A few years after I married, I was at my in-law's home with my husband playing cards and I started feeling strange and got up to go to the bathroom and ended up waking up on the floor with all of them standing over me. I lost control of my bowels and had a headache so bad I could hardly open my eyes. I spent a week in the hospital with the doctors focusing on my bowel issue. I had scopes and tons of scans and nothing...

About 3 months later, I was washing dishes and turned to put away a plate and woke to find my dog licking me in the face and was home alone. I tried to get up and would pass out again. I was in the floor about an hour until my husband got home from work. Another week long stay in the hospital and tons of tests showed nothing.

I have passed out in public restrooms with the door locked and have busted my head open many times. About 1/2 the time, I lose control of my bowels. sometimes I urinate on myself. I have ripped fixtures off walls and had firemen take many doors off hinges to get to me. I had to go through the humiliation of having blood gases drawn to check for drug use one time because the EMT didn't believe my husband who told them I do this often...I was NOT on drugs by the way.

I often wake up from sleep having an episode and when I describe the symptoms, the first thing a doctor will say is that I am having panic attacks. I knew I was not and became so frustrated that they won't even consider that something else is going on. The ironic thing is that they finally made me question myself and I went to a pyscho therapist and she is the only one who said it was NOT panic attacks. She pushed for my PCP to send me to someone else.

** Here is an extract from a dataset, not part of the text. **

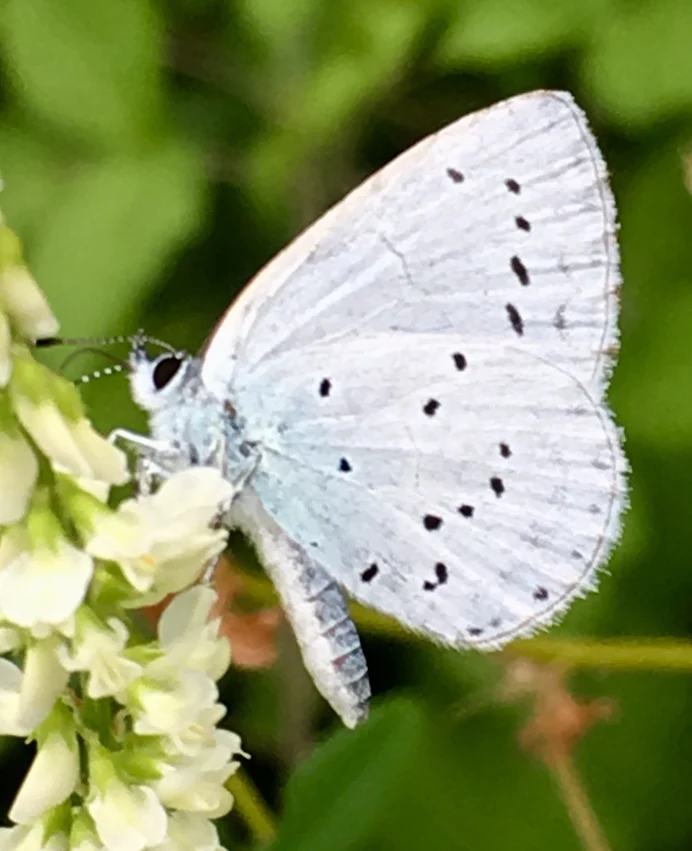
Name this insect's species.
Celastrina argiolus

Here are some of my symptoms: flushed feeling like all my blood is draining from my body, profuse sweating, BP that can be all over the map from extreme hi to extreme low, pounding chest, severe headache, lose of bowel control, skin turns bright red, arms go numb, shoulders hurt, eyes become very bloodshot, stomach cramps, nausea, vomiting, and severe chills once I begin to feel better, a strong need to sleep immediately following the episode and sometimes confusion and cry easily. It usually takes 24 hours or more to recover.

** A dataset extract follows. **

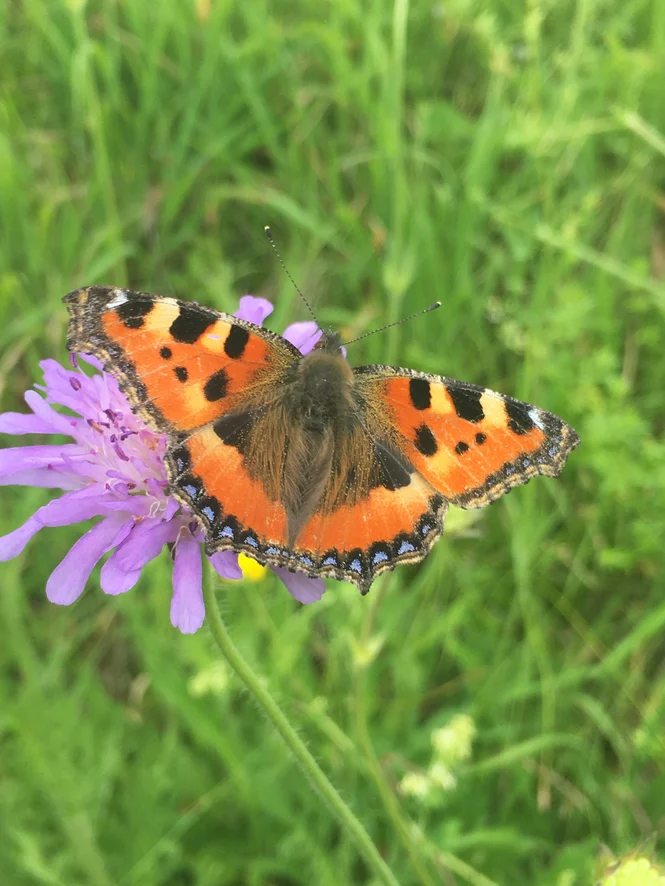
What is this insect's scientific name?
Aglais urticae

I have passed out at work, church, shopping, just about everywhere you can think of. It went from a few times a year to most recently several times a week.

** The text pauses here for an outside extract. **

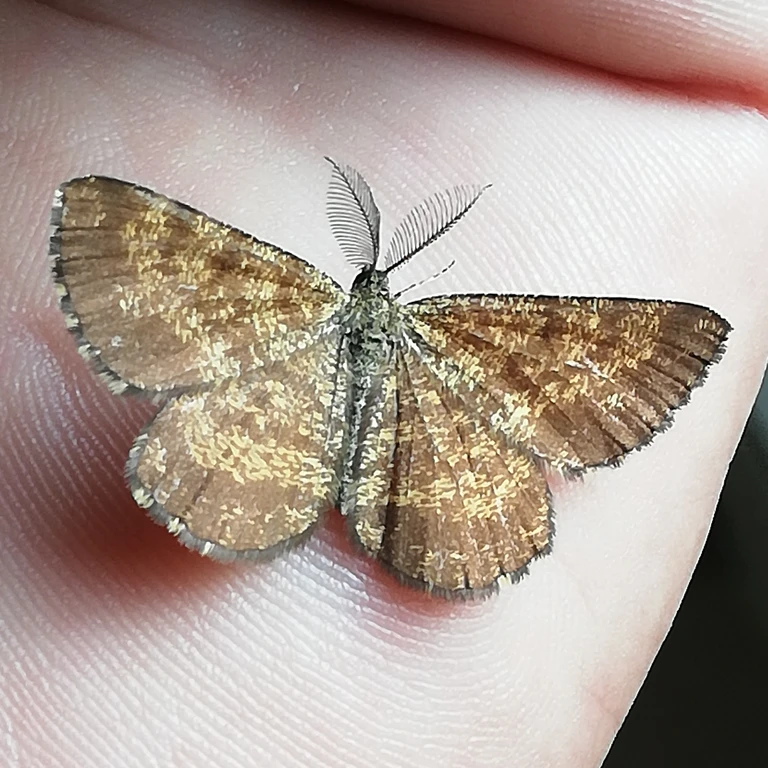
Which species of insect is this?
Ematurga atomaria
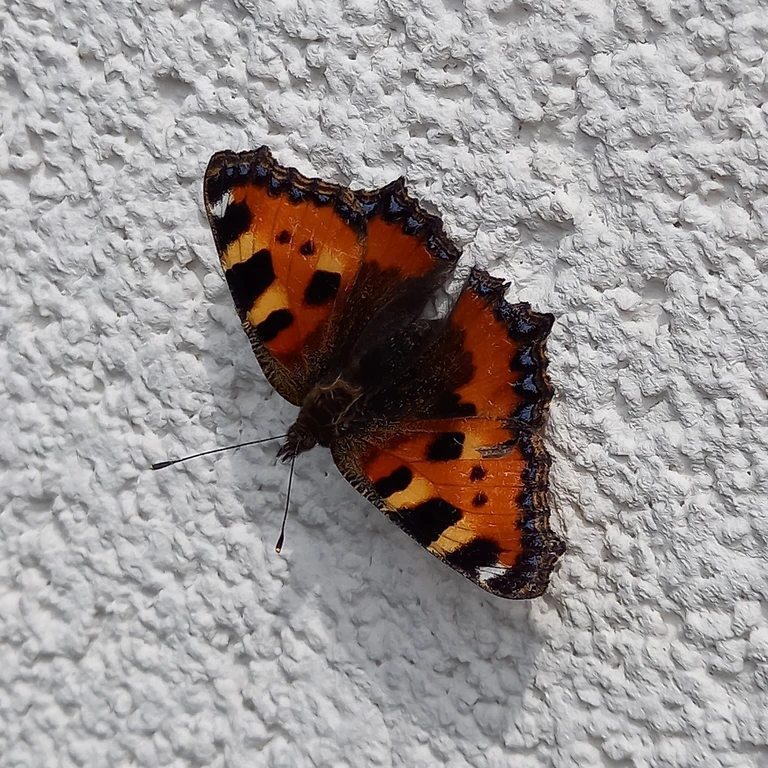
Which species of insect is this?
Aglais urticae

I am afraid I won't be able to work, but hope that isn't the case. I know I have rambled, but I really want to know if anyone else has this type of episodes.

I trust the POTS doctor I found, but even he is stumped by some of my symptoms. He just says everyone is different and that everything still isn't known about this disorder. Thanks for listening and sorry for the rambling.

[lloppyllama]

You have been through quite the long struggle it seems like. I am glad you have found us here, I hope that you find help and comfort in this group.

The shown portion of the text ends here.